--- trunk/mattDisertation/collections/initalSimulations.tex	2003/09/08 20:58:12	752
+++ trunk/mattDisertation/collections/initalSimulations.tex	2003/09/09 16:35:31	753
@@ -10,31 +10,33 @@ side spacing of $\approx\mbox{8\AA}$ (Fig.~\ref{fig:25
 
 The 25 lipid system (scheme I) was initially started from an ordered
 configuration.

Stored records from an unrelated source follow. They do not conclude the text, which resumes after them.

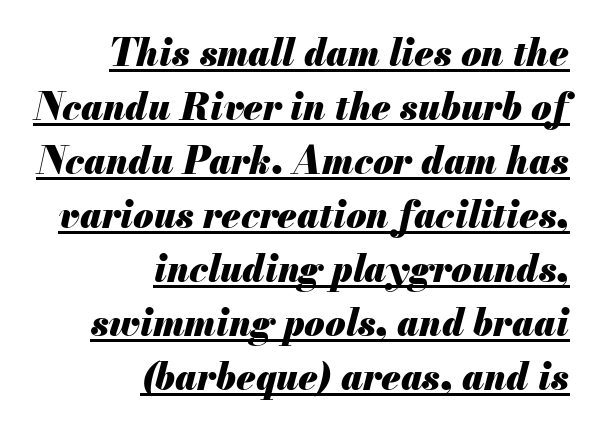
{"italic": "yes", "lean": "right", "slant_degrees": 13, "bold": "yes", "weight": "heavy", "width": "normal", "stroke_contrast": "medium", "x_height": "small", "monospaced": "no", "underline": "yes", "align": "right", "line_spacing": "normal", "line_spacing_ratio": 1.46, "letter_spacing": "normal", "letter_spacing_em": 0.0, "glyph_px": 37}
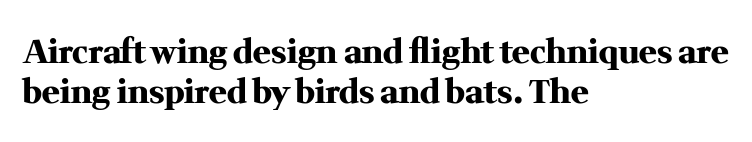
Spacing verdict: proportional, widths tailored to each character. The characters display serif detailing at their extremities. Beneath every word, the page is bare. Caption: standard tracking, unaltered. These lines are set flush left with a ragged right edge.
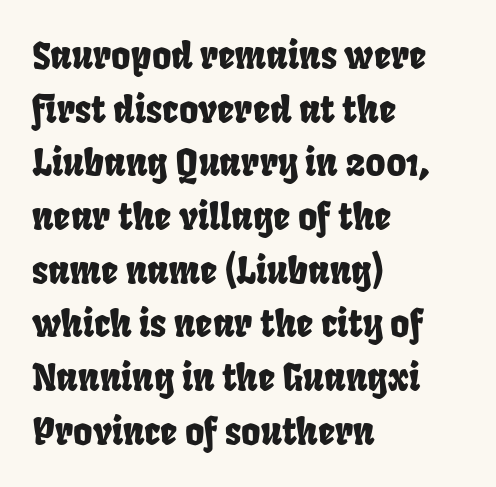
Regarding serifs, this sample does without them. Words appear dense and cohesive because spacing is normal. The gap between lines stays unmarked. A classic flush-left, rag-right setting is used for this passage. Vertical spacing — default.
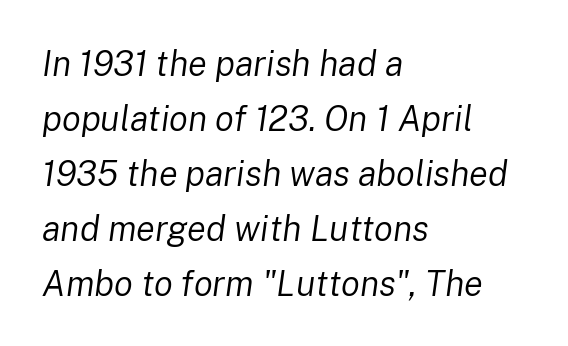
Heft: none added — not bold. Casual observation: everything's shoved over to the left. No word sits above an underline. This sample uses plain, unmodified letter spacing. Leading: standard. Note the varied advance widths — an 'i' is clearly narrower than an 'm'.
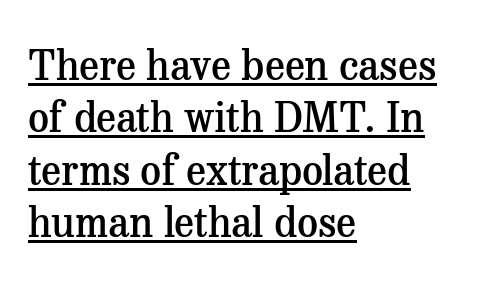
Old-style or modern, the face here clearly has serifs. The lettering is marked with a stroke running underneath it. Interline gaps are of average width in this sample. Tracking value appears to be zero — textbook default spacing. Varying glyph widths throughout — classic text-font behaviour. Caption: semibold face, moderately heavy strokes.
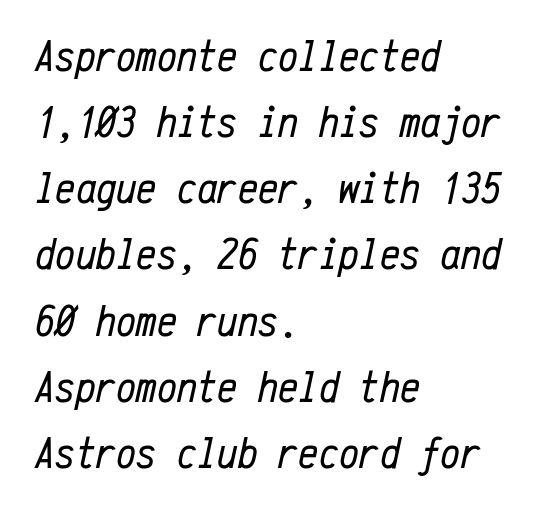
The image shows 45 px regular-weight, condensed type, italic (leaning right), monospaced; set left-aligned, normal line spacing (1.47x), normal letter spacing, not underlined; low stroke contrast and a medium x-height.
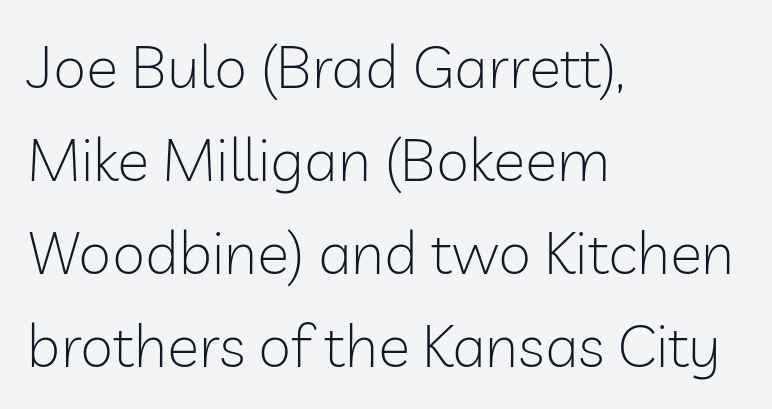
Q: Is the text bold? A: No.
Q: Is the text italic (slanted)? A: No, it is upright.
Q: Is the typeface a serif or a sans-serif typeface? A: Sans-serif.
Q: Is the text underlined? A: No.
Q: How is the paragraph aligned? A: Left-aligned.
Q: Is the spacing between letters normal or unusually wide? A: Normal.
Q: Is the spacing between lines tight, normal or loose? A: Normal.
Q: Width (condensed, normal, or wide)? A: Normal.
Q: Stroke contrast? A: Low.
Q: x-height? A: Medium.
Q: Monospaced? A: No.
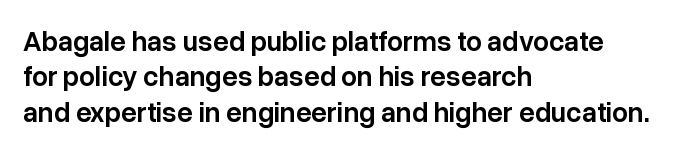
The image shows 28 px semibold sans-serif type, upright; set left-aligned, normal line spacing (1.26x), normal letter spacing, not underlined; low stroke contrast and a medium x-height.
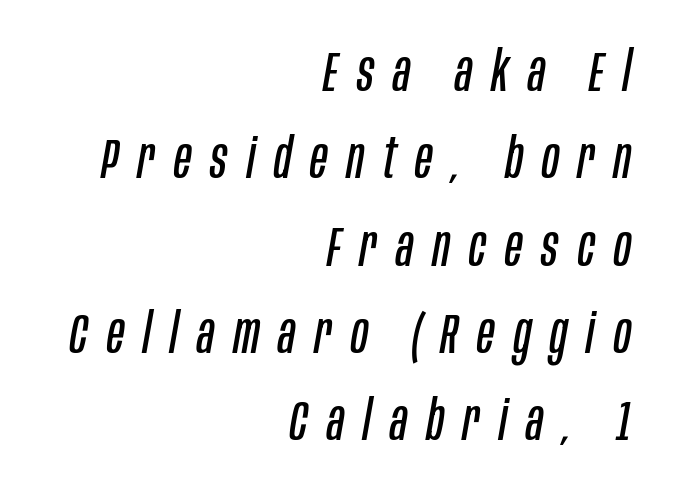
Q: Is the text bold? A: No.
Q: Is the text italic (slanted)? A: Yes, it leans right by about 10 degrees.
Q: Is the text underlined? A: No.
Q: How is the paragraph aligned? A: Right-aligned.
Q: Is the spacing between letters normal or unusually wide? A: Unusually wide.
Q: Is the spacing between lines tight, normal or loose? A: Normal.
Q: Width (condensed, normal, or wide)? A: Condensed.
Q: Stroke contrast? A: Low.
Q: x-height? A: Large.
Q: Monospaced? A: No.
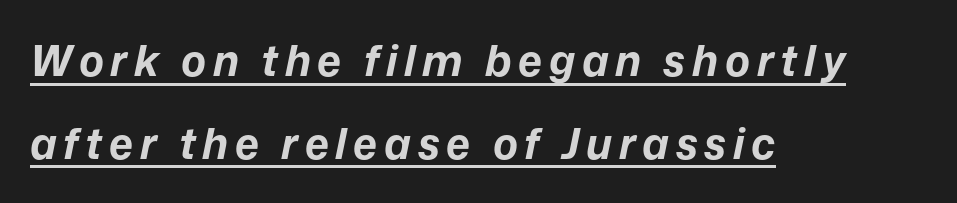
The image shows 42 px bold type, italic (leaning right); set left-aligned, loose line spacing (1.97x), underlined; low stroke contrast and a medium x-height.
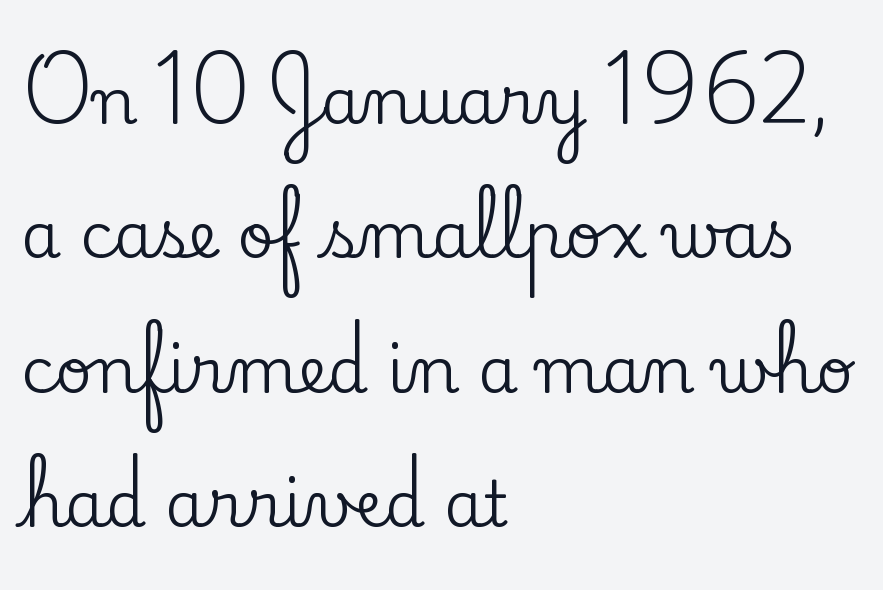
Q: Is the text italic (slanted)? A: No, it is upright.
Q: Is the typeface a serif or a sans-serif typeface? A: Serif.
Q: Is the text underlined? A: No.
Q: How is the paragraph aligned? A: Left-aligned.
Q: Is the spacing between letters normal or unusually wide? A: Normal.
Q: Is the spacing between lines tight, normal or loose? A: Loose.
Q: Width (condensed, normal, or wide)? A: Normal.
Q: Stroke contrast? A: Low.
Q: x-height? A: Small.
Q: Monospaced? A: No.
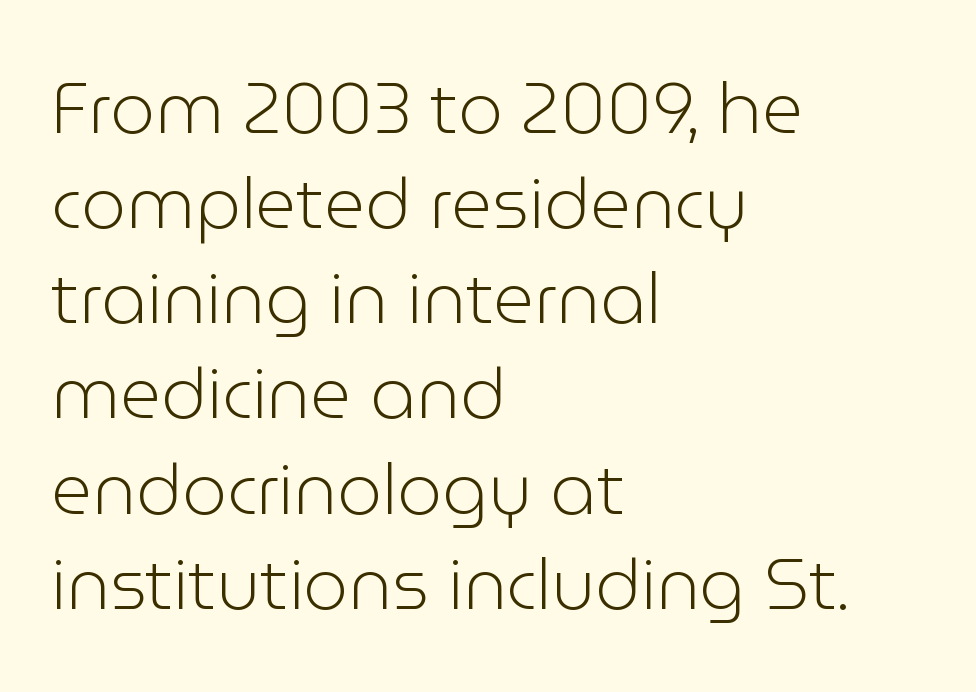
The image shows 71 px light sans-serif type, upright; set left-aligned, normal line spacing (1.34x), normal letter spacing, not underlined; low stroke contrast and a medium x-height.
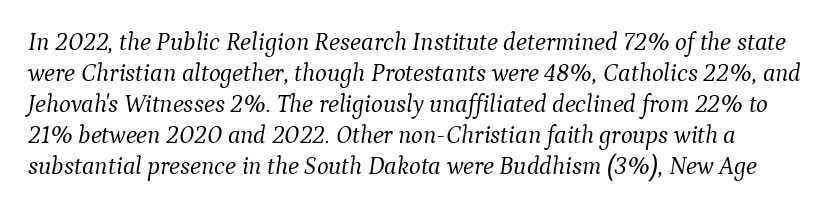
Q: Is the text bold? A: No.
Q: Is the text italic (slanted)? A: Yes, it leans right by about 9 degrees.
Q: Is the text underlined? A: No.
Q: Is the spacing between letters normal or unusually wide? A: Normal.
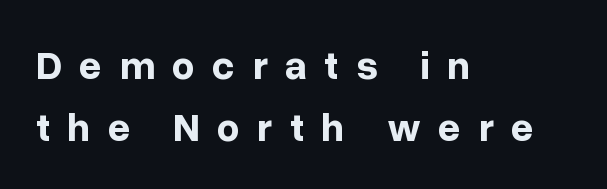
Q: Is the text bold? A: Yes.
Q: Is the text italic (slanted)? A: No, it is upright.
Q: Is the typeface a serif or a sans-serif typeface? A: Sans-serif.
Q: Is the text underlined? A: No.
Q: How is the paragraph aligned? A: Left-aligned.
Q: Is the spacing between letters normal or unusually wide? A: Unusually wide.
Q: Is the spacing between lines tight, normal or loose? A: Normal.
Q: Width (condensed, normal, or wide)? A: Normal.
Q: Stroke contrast? A: Low.
Q: x-height? A: Medium.
Q: Monospaced? A: No.
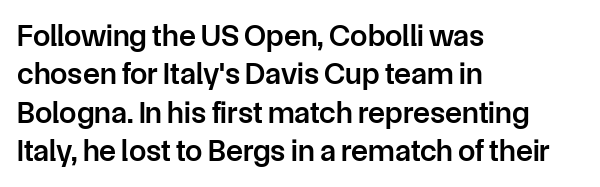
The lines in this sample share a left origin and differ only in where they stop. You could not count columns in this text — the font is proportionally spaced. The text was rendered using a sans face with plain stroke endings. Vertical strokes here are truly vertical.
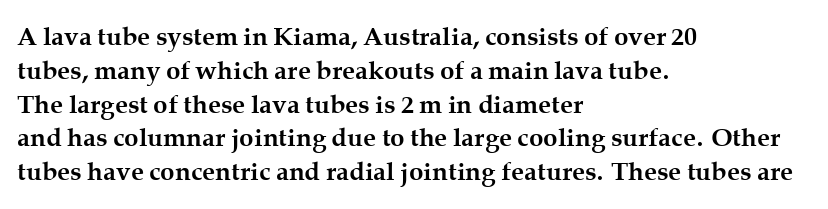
Q: Is the text bold? A: Yes.
Q: Is the text italic (slanted)? A: No, it is upright.
Q: Is the text underlined? A: No.
Q: How is the paragraph aligned? A: Left-aligned.
Q: Is the spacing between letters normal or unusually wide? A: Normal.
Q: Is the spacing between lines tight, normal or loose? A: Normal.
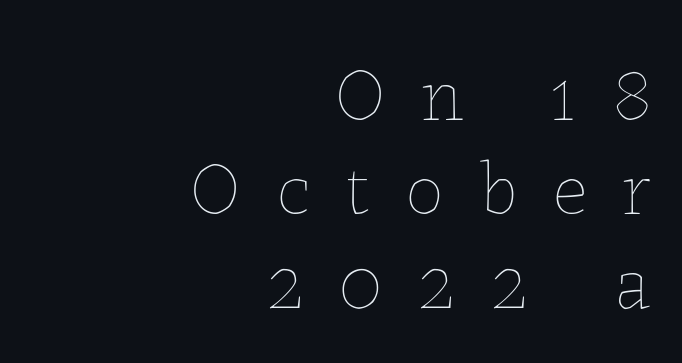
{"italic": "no", "bold": "no", "weight": "thin", "width": "normal", "stroke_contrast": "low", "x_height": "medium", "monospaced": "no", "underline": "no", "align": "right", "line_spacing_ratio": 1.22, "letter_spacing": "wide", "letter_spacing_em": 0.46, "glyph_px": 77}
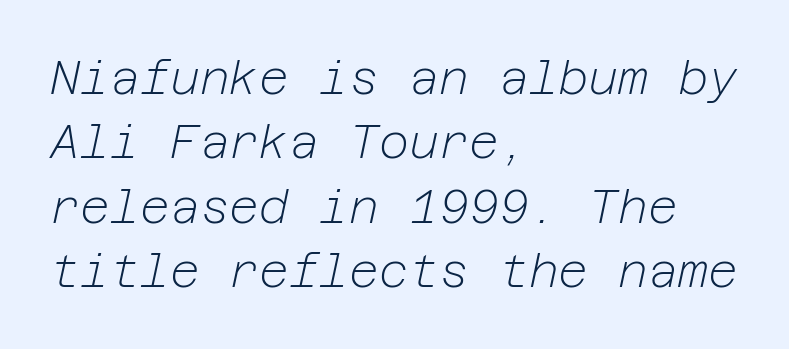
Spacing between characters is what you'd get straight out of the box. Words float on clear page, feet unadorned. Letters have the restrained weight of plain body copy at most. The face used here has a pronounced slope to its letters. One-word summary of the alignment: left. Interline gaps are of average width in this sample.
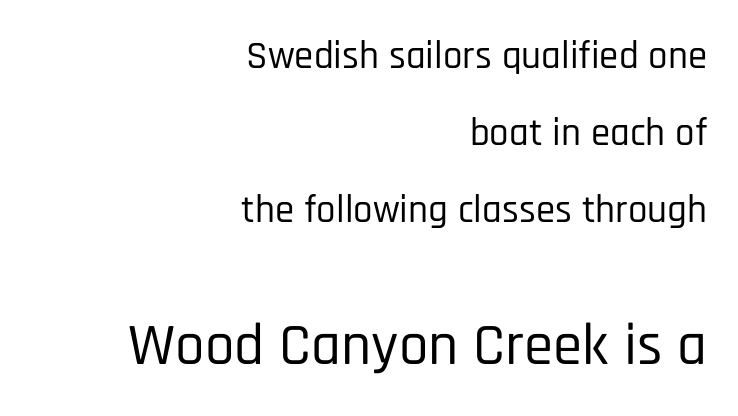
Q: Is the text italic (slanted)? A: No, it is upright.
Q: Is the typeface a serif or a sans-serif typeface? A: Sans-serif.
Q: Is the text underlined? A: No.
Q: How is the paragraph aligned? A: Right-aligned.
Q: Is the spacing between letters normal or unusually wide? A: Normal.
Q: Is the spacing between lines tight, normal or loose? A: Loose.
Q: Which block of text is set in a larger size, the first (top) or the second (bottom)? A: The second (bottom) one.
Q: Width (condensed, normal, or wide)? A: Condensed.
Q: Stroke contrast? A: Low.
Q: x-height? A: Large.
Q: Monospaced? A: No.
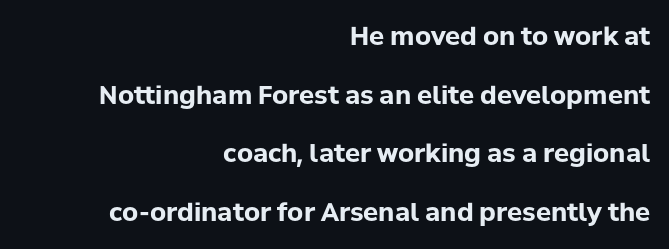
The image shows 25 px bold type, upright; set right-aligned, loose line spacing (2.35x), normal letter spacing, not underlined.
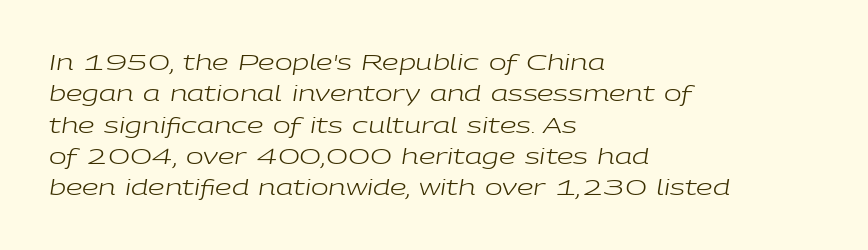
Q: Is the text bold? A: No.
Q: Is the text italic (slanted)? A: Yes, it leans right by about 9 degrees.
Q: Is the text underlined? A: No.
Q: How is the paragraph aligned? A: Left-aligned.
Q: Is the spacing between letters normal or unusually wide? A: Normal.
Q: Is the spacing between lines tight, normal or loose? A: Normal.
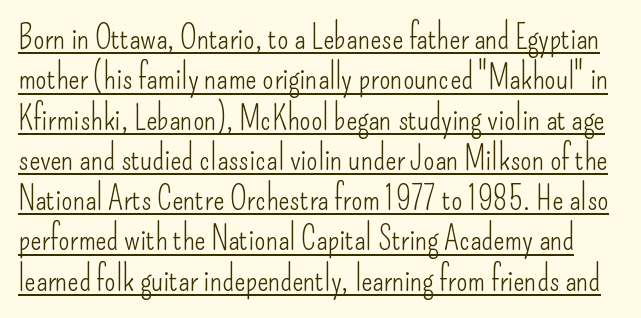
Q: Is the text bold? A: No.
Q: Is the text italic (slanted)? A: No, it is upright.
Q: Is the typeface a serif or a sans-serif typeface? A: Sans-serif.
Q: Is the text underlined? A: Yes.
Q: Is the spacing between letters normal or unusually wide? A: Normal.
Q: Width (condensed, normal, or wide)? A: Condensed.
Q: Stroke contrast? A: Low.
Q: x-height? A: Small.
Q: Monospaced? A: No.
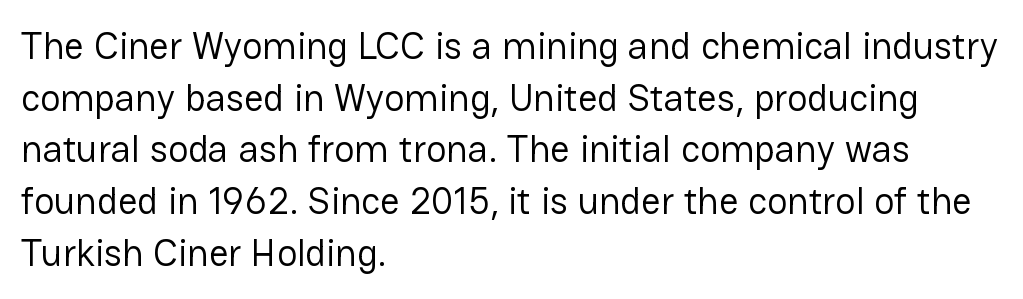
Do the characters align in a grid? No, the font is proportional. Letters rest on an invisible, unmarked baseline. The setting favours the left margin, as ordinary paragraphs usually do. Baseline-to-baseline distance is the conventional proportion of letter height.
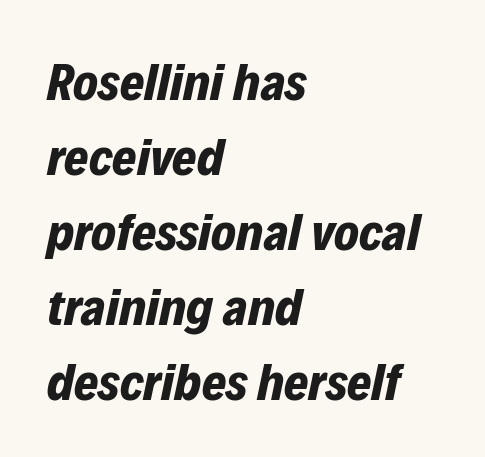
In terms of weight, the rendering is a true, heavy bold. Only glyphs here, with clear space below each row. The rendering uses natural spacing where letterforms have individual widths. Line beginnings align vertically; line endings do not.
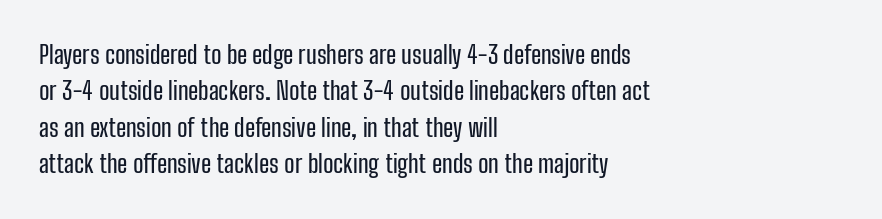
Plain, unruled lines of type. The type is set solid horizontally, with unmodified tracking. Tall strokes in this sample are plumb rather than angled. Regarding leading, the lines here are spaced in the standard way.
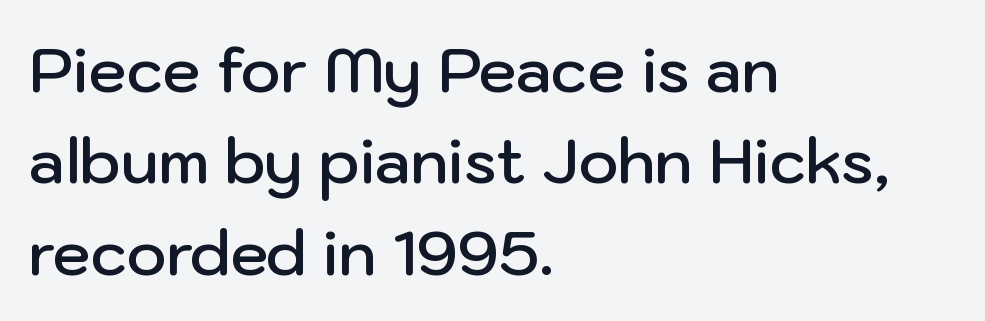
Q: Is the text bold? A: Semi-bold.
Q: Is the text italic (slanted)? A: No, it is upright.
Q: Is the typeface a serif or a sans-serif typeface? A: Sans-serif.
Q: Is the text underlined? A: No.
Q: How is the paragraph aligned? A: Left-aligned.
Q: Is the spacing between letters normal or unusually wide? A: Normal.
Q: Is the spacing between lines tight, normal or loose? A: Normal.
Q: Width (condensed, normal, or wide)? A: Normal.
Q: Stroke contrast? A: Low.
Q: x-height? A: Medium.
Q: Monospaced? A: No.

The lipids were aligned in a 5x5 square with a side by
-side spacing of $\approx\mbox{8\AA}$ (Fig.~\ref{fig:25lipidInit}) The
+side spacing of $\sim \mbox{8\AA}$ (Fig.~\ref{fig:25lipidInit}) The
 box was then filled with water in an FCC lattice. The temperature was
-then equilibrated to 300~K by resampling the atomic velocitiues from a
+then equilibrated to 300~K by resampling the atomic velocities from a
 Maxwell-Boltzmann distribution. Once the temperature had been set, the
-system was allowed to progress for $\approx 20$~ns.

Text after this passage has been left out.